Larger sites could also use Anycast to route NTP traffic.
Firewall Rules
Internal clients need UDP 123 access to and back from the role_ntp_server_private systems. Some firewalls, such as Packet Filter (PF), can keep state on NTP traffic, and does not need to allow new connections from the servers back to the clients:
pass out on $if_public proto udp to any port ntp keep state
block in on $if_public proto udp to any port ntp
The role_ntp_server_private systems require UDP 123 access between one another, and to (and from) the role_ntp_server_public servers. The role_ntp_server_public servers will need Internet access to any stratum 1 time servers syncronized with.
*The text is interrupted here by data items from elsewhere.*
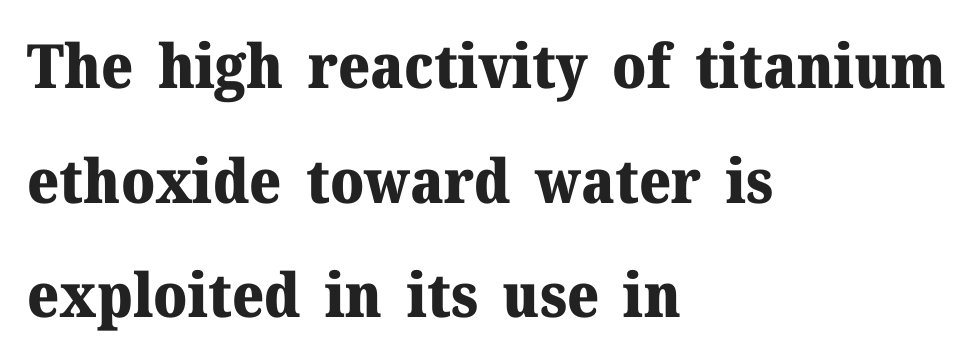
The image shows 61 px heavy serif type, upright; set left-aligned, line spacing 1.88x, normal letter spacing, not underlined; medium stroke contrast and a medium x-height.
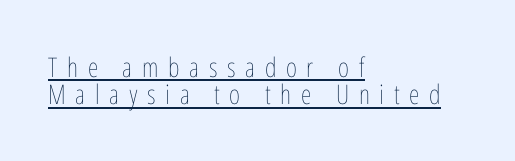
In designer terms, the underline attribute is active on this setting. In terms of letterspacing, this is a distinctly airy, spread setting. Stroke mass is kept to a normal reading level or below. Horizontal alignment here is leftward, the default for most running prose. What's the leading like? Squeezed, with rows nearly overlapping. These lines were composed using upright roman letters.
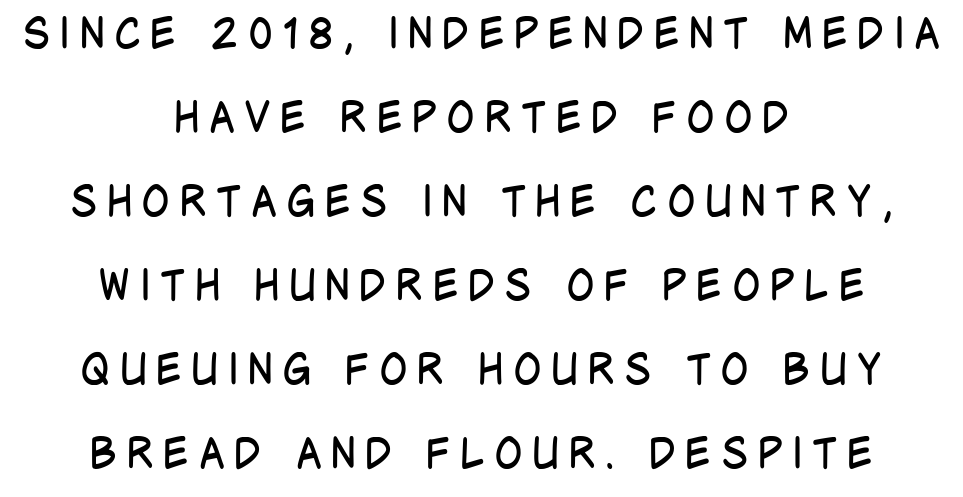
Q: Is the text bold? A: No.
Q: Is the text italic (slanted)? A: No, it is upright.
Q: Is the typeface a serif or a sans-serif typeface? A: Sans-serif.
Q: Is the text underlined? A: No.
Q: How is the paragraph aligned? A: Centered.
Q: Is the spacing between letters normal or unusually wide? A: Unusually wide.
Q: Is the spacing between lines tight, normal or loose? A: Loose.
Q: Width (condensed, normal, or wide)? A: Condensed.
Q: Stroke contrast? A: Low.
Q: x-height? A: Large.
Q: Monospaced? A: No.

Consider adding the role_ntp_server_public servers to the pool.ntp.org time servers.
Any monitoring systems will need UDP 123 access to (and back from) the various time servers being monitored.
Configuration
- cf.classes
- cf.app_ntp
- ntp.conf
Add classes for the two new server types, and make everything else a NTP client.
classes:
any::
role_ntp_server_public = ( clock01 clock02 )
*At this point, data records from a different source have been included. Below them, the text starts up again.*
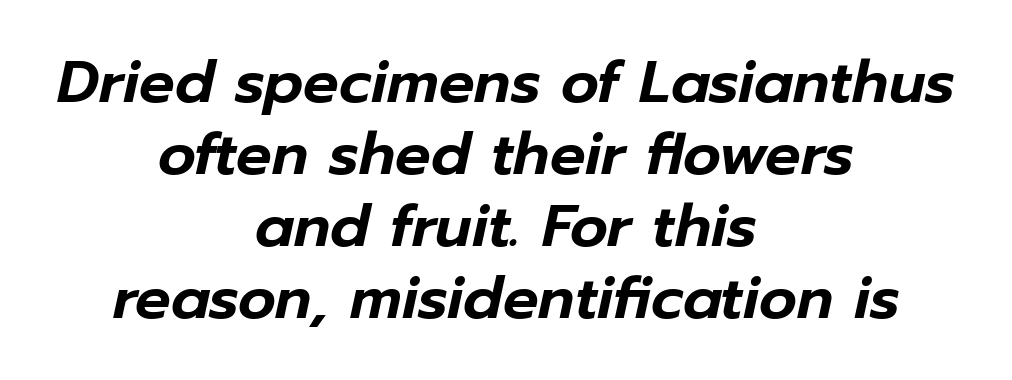
The image shows 59 px text type, italic (leaning right); set centered, line spacing 1.22x, normal letter spacing, not underlined; low stroke contrast and a medium x-height.
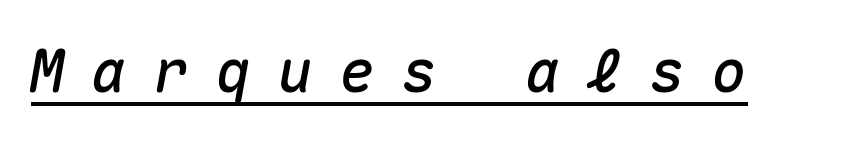
Q: Is the text italic (slanted)? A: Yes, it leans right by about 10 degrees.
Q: Is the text underlined? A: Yes.
Q: Is the spacing between letters normal or unusually wide? A: Unusually wide.
Q: Width (condensed, normal, or wide)? A: Normal.
Q: Stroke contrast? A: Medium.
Q: x-height? A: Medium.
Q: Monospaced? A: Yes.
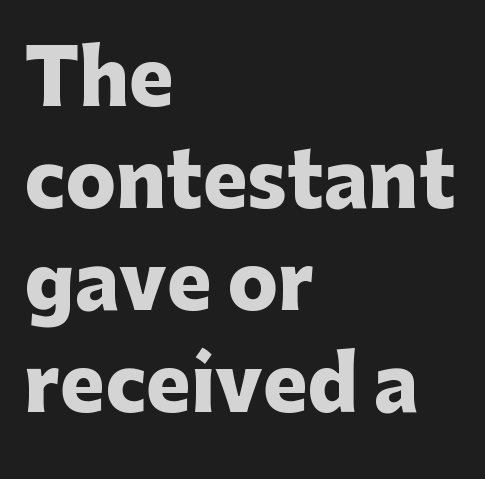
{"serif": "no", "italic": "no", "bold": "yes", "weight": "heavy", "width": "normal", "stroke_contrast": "low", "x_height": "medium", "monospaced": "no", "underline": "no", "align": "left", "line_spacing": "normal", "line_spacing_ratio": 1.36, "letter_spacing": "normal", "letter_spacing_em": 0.0, "glyph_px": 75}
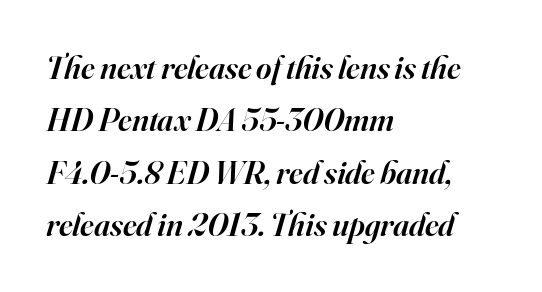
Small tapered or slab feet sit at the stroke ends, so this counts as serif. The passage shown is typed in a proportional face where columns would drift. The strip under each line holds only bare page. Inter-character spacing is left at the font's built-in metrics.
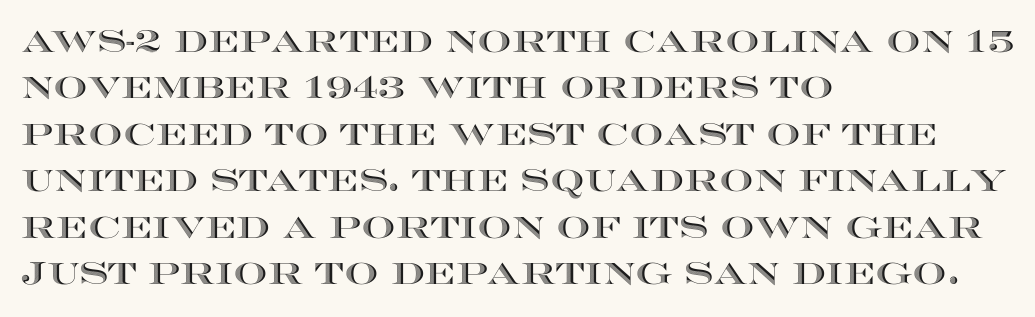
Q: Is the text italic (slanted)? A: No, it is upright.
Q: Is the text underlined? A: No.
Q: How is the paragraph aligned? A: Left-aligned.
Q: Is the spacing between letters normal or unusually wide? A: Normal.
Q: Is the spacing between lines tight, normal or loose? A: Normal.
Q: Width (condensed, normal, or wide)? A: Wide.
Q: x-height? A: Large.
Q: Monospaced? A: No.
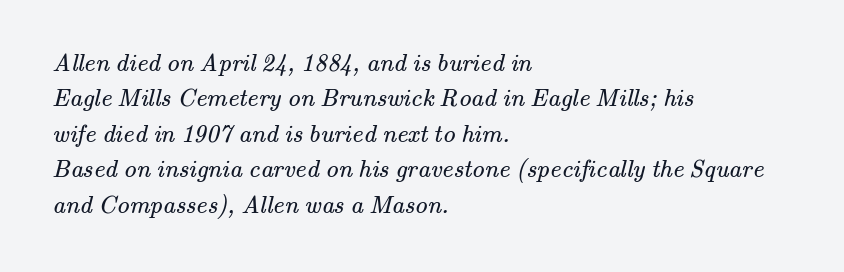
These lines keep a tight, regular rhythm from letter to letter. Whoever set this chose a conventional vertical rhythm. Clear beneath every line of the passage. Ink coverage per letter is moderate at most.
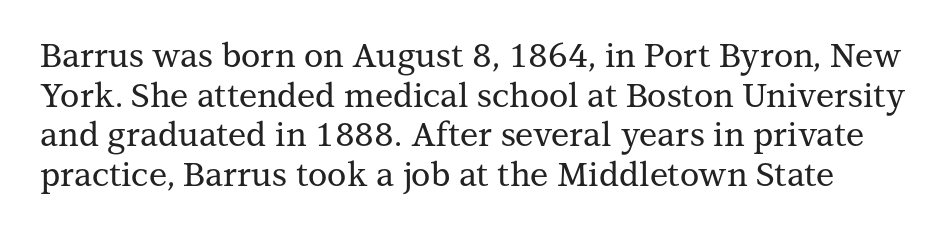
{"serif": "yes", "italic": "no", "width": "normal", "stroke_contrast": "medium", "x_height": "medium", "monospaced": "no", "underline": "no", "line_spacing_ratio": 1.2, "letter_spacing": "normal", "letter_spacing_em": 0.0, "glyph_px": 33}
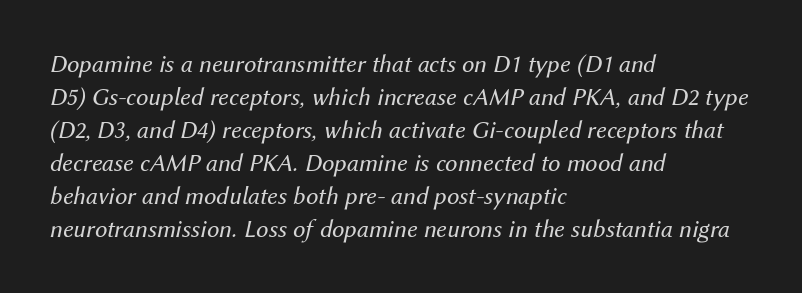
Line beginnings align vertically; line endings do not. Nobody touched the tracking dial on this one. Quick note: italic. Decoration check: the copy has no underline. A light-to-regular cut is what we see here. The rows are spaced the way most documents space them.

role_ntp_server_private = ( time01 time02 time03 time04 )
role_ntp_client = (
any -role_ntp_server_public -role_ntp_server_private
)
Expand the ntp.conf copies to account for the two new ntp.conf files.
control:
any::
ntp_config_dest = ( /etc/ntp.conf )
ntp_config_dir = ( ${masterfiles}/conf/ntp )
role_ntp_client::
ntp_config_src = ( ${ntp_config_dir}/client/ntp.conf )
ntp_step_ticker = ( ${ntp_config_dir}/client/step-tickers )
role_ntp_server_private::
ntp_config_src = ( ${ntp_config_dir}/server_private/ntp.conf )
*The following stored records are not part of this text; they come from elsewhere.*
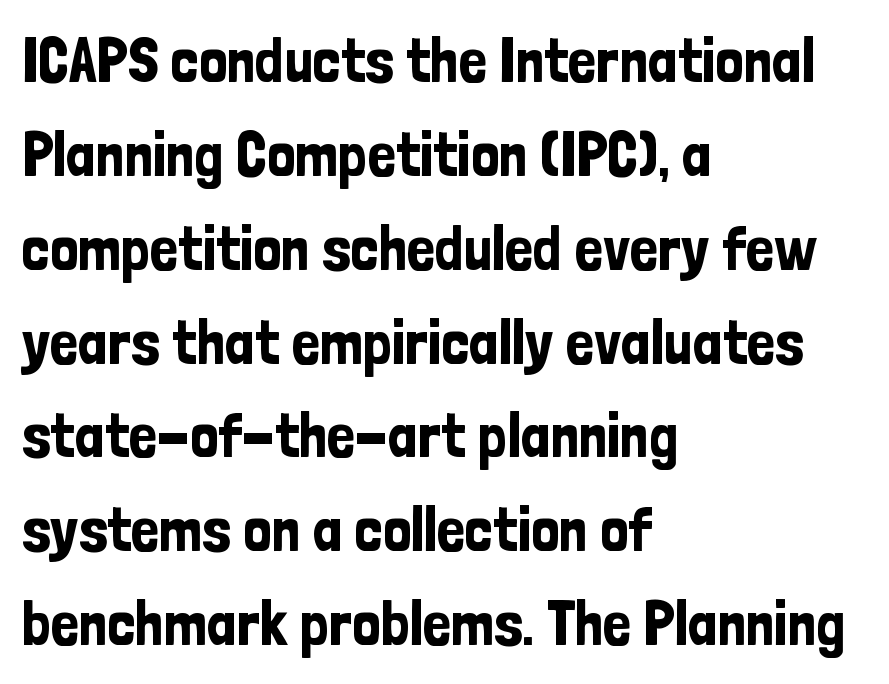
Q: Is the text italic (slanted)? A: No, it is upright.
Q: Is the typeface a serif or a sans-serif typeface? A: Sans-serif.
Q: Is the text underlined? A: No.
Q: How is the paragraph aligned? A: Left-aligned.
Q: Is the spacing between letters normal or unusually wide? A: Normal.
Q: Is the spacing between lines tight, normal or loose? A: Normal.
Q: Width (condensed, normal, or wide)? A: Condensed.
Q: Stroke contrast? A: Low.
Q: x-height? A: Medium.
Q: Monospaced? A: No.
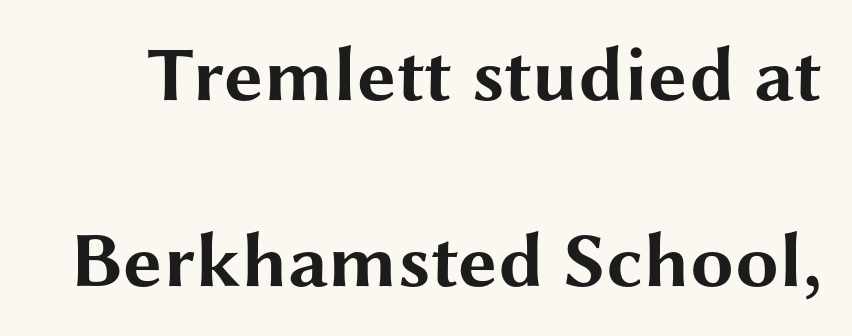
{"serif": "no", "italic": "no", "bold": "yes", "weight": "bold", "width": "wide", "stroke_contrast": "medium", "x_height": "medium", "monospaced": "no", "underline": "no", "line_spacing": "loose", "line_spacing_ratio": 2.38, "letter_spacing": "normal", "letter_spacing_em": 0.0, "glyph_px": 78}
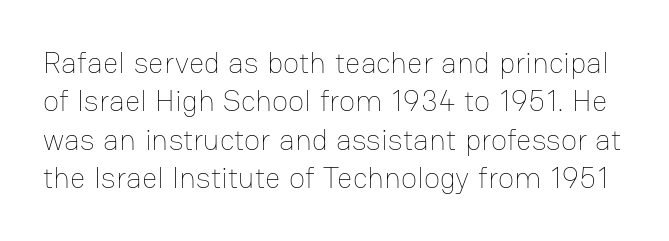
{"italic": "no", "bold": "no", "weight": "thin", "width": "normal", "stroke_contrast": "low", "x_height": "medium", "monospaced": "no", "underline": "no", "line_spacing": "normal", "line_spacing_ratio": 1.28, "letter_spacing": "normal", "letter_spacing_em": 0.0, "glyph_px": 30}
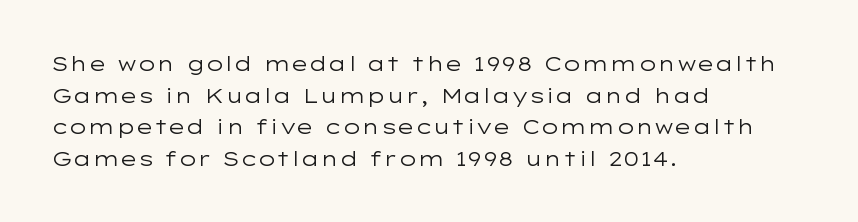
{"italic": "no", "bold": "no", "underline": "no", "align": "left", "line_spacing": "normal", "line_spacing_ratio": 1.58, "letter_spacing": "normal", "letter_spacing_em": 0.0, "glyph_px": 20}
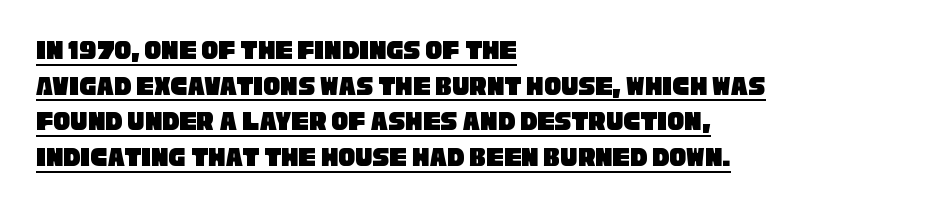
Q: Is the typeface a serif or a sans-serif typeface? A: Sans-serif.
Q: Is the text underlined? A: Yes.
Q: How is the paragraph aligned? A: Left-aligned.
Q: Is the spacing between letters normal or unusually wide? A: Normal.
Q: Is the spacing between lines tight, normal or loose? A: Normal.
Q: Width (condensed, normal, or wide)? A: Condensed.
Q: Stroke contrast? A: Low.
Q: x-height? A: Large.
Q: Monospaced? A: No.
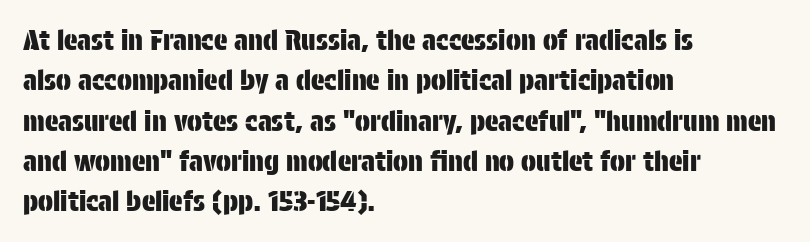
{"serif": "no", "italic": "no", "width": "condensed", "stroke_contrast": "low", "x_height": "large", "monospaced": "no", "underline": "no", "align": "left", "line_spacing": "normal", "line_spacing_ratio": 1.44, "letter_spacing": "normal", "letter_spacing_em": 0.0, "glyph_px": 28}
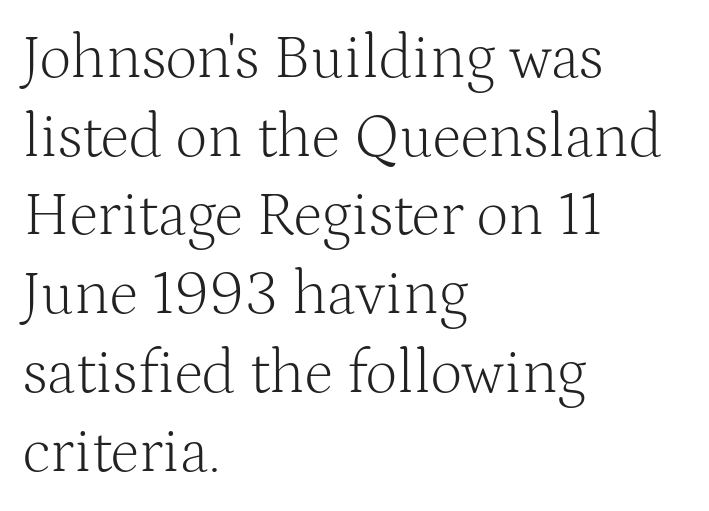
Q: Is the text bold? A: No.
Q: Is the text italic (slanted)? A: No, it is upright.
Q: Is the typeface a serif or a sans-serif typeface? A: Serif.
Q: Is the text underlined? A: No.
Q: How is the paragraph aligned? A: Left-aligned.
Q: Is the spacing between letters normal or unusually wide? A: Normal.
Q: Is the spacing between lines tight, normal or loose? A: Normal.
Q: Width (condensed, normal, or wide)? A: Normal.
Q: Stroke contrast? A: Medium.
Q: x-height? A: Medium.
Q: Monospaced? A: No.

ntp_step_ticker = ( ${ntp_config_dir}/server_private/step-tickers )
role_ntp_server_public::
ntp_config_src = ( ${ntp_config_dir}/server_public/ntp.conf )
ntp_step_ticker = ( ${ntp_config_dir}/server_public/step-tickers )
copy:
any::
${ntp_config_src} dest=${ntp_config_dest}
mode=0444 backup=false type=checksum
server=${policyhost}
define=restart_ntpd
redhat::
${ntp_step_ticker} dest=/etc/ntp/step-tickers
mode=0444 backup=false type=checksum
server=${policyhost}
In the server ntp.conf files, allow access from client systems, peer off the servers at the same level, and syncronize with higher servers.
Testing
Use monitoring software to track the time drift; checks should warn if a time server drifts out of line, or if a client cannot reach a server. Monitoring software such as Nagios should have plugins available to check NTP. If testing ntpd in a development environment before moving it to production, be sure to:
- Confirm whether localhost can query ntpd, and that the time servers are reachable by the client.
- Confirm the monitoring hosts (if any) can query ntpd.
$ ntpq -p
remote refid st t when poll reach delay offset jitter
============================================================================
+192.0.2.121 192.0.2.123 3 u 29 64 377 0.321 0.169 0.101
+192.0.2.122 192.0.2.123 3 u 44 64 377 0.278 -0.801 0.120
*192.0.2.124 192.0.2.123 3 u 34 64 377 0.217 -0.582 0.109
LOCAL(0) LOCAL(0) 10 l 35 64 377 0.000 0.000 0.001
$ ntpq -p client.dev.example.org
…
If the system time has drifted too far, ntpd will not be able to correct the problem. In this case, run ntpdate to correct the time to a “close enough” value. Look for *LOCAL(0) in the output of ntpq to detect when the local fudge clock is being used instead of the servers.
Timezone
If possible, set all systems to UTC. This facilitates growth or mergers that lead to data centers in different time zones. Users should set a local TZ environment setting to display in the local format, if desired. However, users with custom TZ settings must then use sudo -H … or otherwise ensure that their custom timezone does not pollute the system, for example when restarting software as root.